[Stored entries]
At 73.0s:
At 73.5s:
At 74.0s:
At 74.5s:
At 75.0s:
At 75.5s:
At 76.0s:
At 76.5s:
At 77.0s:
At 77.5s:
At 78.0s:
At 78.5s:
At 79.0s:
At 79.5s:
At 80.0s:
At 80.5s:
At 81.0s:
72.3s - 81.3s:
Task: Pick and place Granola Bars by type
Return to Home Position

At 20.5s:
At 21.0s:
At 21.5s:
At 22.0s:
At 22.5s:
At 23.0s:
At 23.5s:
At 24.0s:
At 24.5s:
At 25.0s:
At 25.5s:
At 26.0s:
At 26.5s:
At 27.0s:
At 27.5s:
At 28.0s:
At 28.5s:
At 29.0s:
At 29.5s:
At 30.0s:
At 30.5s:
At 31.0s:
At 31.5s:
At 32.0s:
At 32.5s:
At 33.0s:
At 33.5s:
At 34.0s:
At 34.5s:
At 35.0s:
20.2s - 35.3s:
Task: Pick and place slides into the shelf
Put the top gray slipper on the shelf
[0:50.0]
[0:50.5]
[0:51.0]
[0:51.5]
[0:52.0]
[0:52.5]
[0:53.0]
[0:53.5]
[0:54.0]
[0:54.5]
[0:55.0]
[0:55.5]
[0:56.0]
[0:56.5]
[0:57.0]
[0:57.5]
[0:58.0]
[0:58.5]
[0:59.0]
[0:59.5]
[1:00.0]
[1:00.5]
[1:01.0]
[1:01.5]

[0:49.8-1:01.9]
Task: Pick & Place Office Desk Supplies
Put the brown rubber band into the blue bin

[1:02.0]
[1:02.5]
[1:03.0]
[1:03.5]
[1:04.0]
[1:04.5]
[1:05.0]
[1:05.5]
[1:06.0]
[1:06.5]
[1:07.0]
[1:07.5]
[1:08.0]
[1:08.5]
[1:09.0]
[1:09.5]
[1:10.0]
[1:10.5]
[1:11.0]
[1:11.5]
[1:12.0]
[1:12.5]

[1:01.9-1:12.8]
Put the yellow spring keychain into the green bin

What is required => Every entry is to be transcribed exactly as it stands.

Output of the task =>
At 73.0s:
At 73.5s:
At 74.0s:
At 74.5s:
At 75.0s:
At 75.5s:
At 76.0s:
At 76.5s:
At 77.0s:
At 77.5s:
At 78.0s:
At 78.5s:
At 79.0s:
At 79.5s:
At 80.0s:
At 80.5s:
At 81.0s:
72.3s - 81.3s:
Task: Pick and place Granola Bars by type
Return to Home Position

At 20.5s:
At 21.0s:
At 21.5s:
At 22.0s:
At 22.5s:
At 23.0s:
At 23.5s:
At 24.0s:
At 24.5s:
At 25.0s:
At 25.5s:
At 26.0s:
At 26.5s:
At 27.0s:
At 27.5s:
At 28.0s:
At 28.5s:
At 29.0s:
At 29.5s:
At 30.0s:
At 30.5s:
At 31.0s:
At 31.5s:
At 32.0s:
At 32.5s:
At 33.0s:
At 33.5s:
At 34.0s:
At 34.5s:
At 35.0s:
20.2s - 35.3s:
Task: Pick and place slides into the shelf
Put the top gray slipper on the shelf
[0:50.0]
[0:50.5]
[0:51.0]
[0:51.5]
[0:52.0]
[0:52.5]
[0:53.0]
[0:53.5]
[0:54.0]
[0:54.5]
[0:55.0]
[0:55.5]
[0:56.0]
[0:56.5]
[0:57.0]
[0:57.5]
[0:58.0]
[0:58.5]
[0:59.0]
[0:59.5]
[1:00.0]
[1:00.5]
[1:01.0]
[1:01.5]

[0:49.8-1:01.9]
Task: Pick & Place Office Desk Supplies
Put the brown rubber band into the blue bin

[1:02.0]
[1:02.5]
[1:03.0]
[1:03.5]
[1:04.0]
[1:04.5]
[1:05.0]
[1:05.5]
[1:06.0]
[1:06.5]
[1:07.0]
[1:07.5]
[1:08.0]
[1:08.5]
[1:09.0]
[1:09.5]
[1:10.0]
[1:10.5]
[1:11.0]
[1:11.5]
[1:12.0]
[1:12.5]

[1:01.9-1:12.8]
Put the yellow spring keychain into the green bin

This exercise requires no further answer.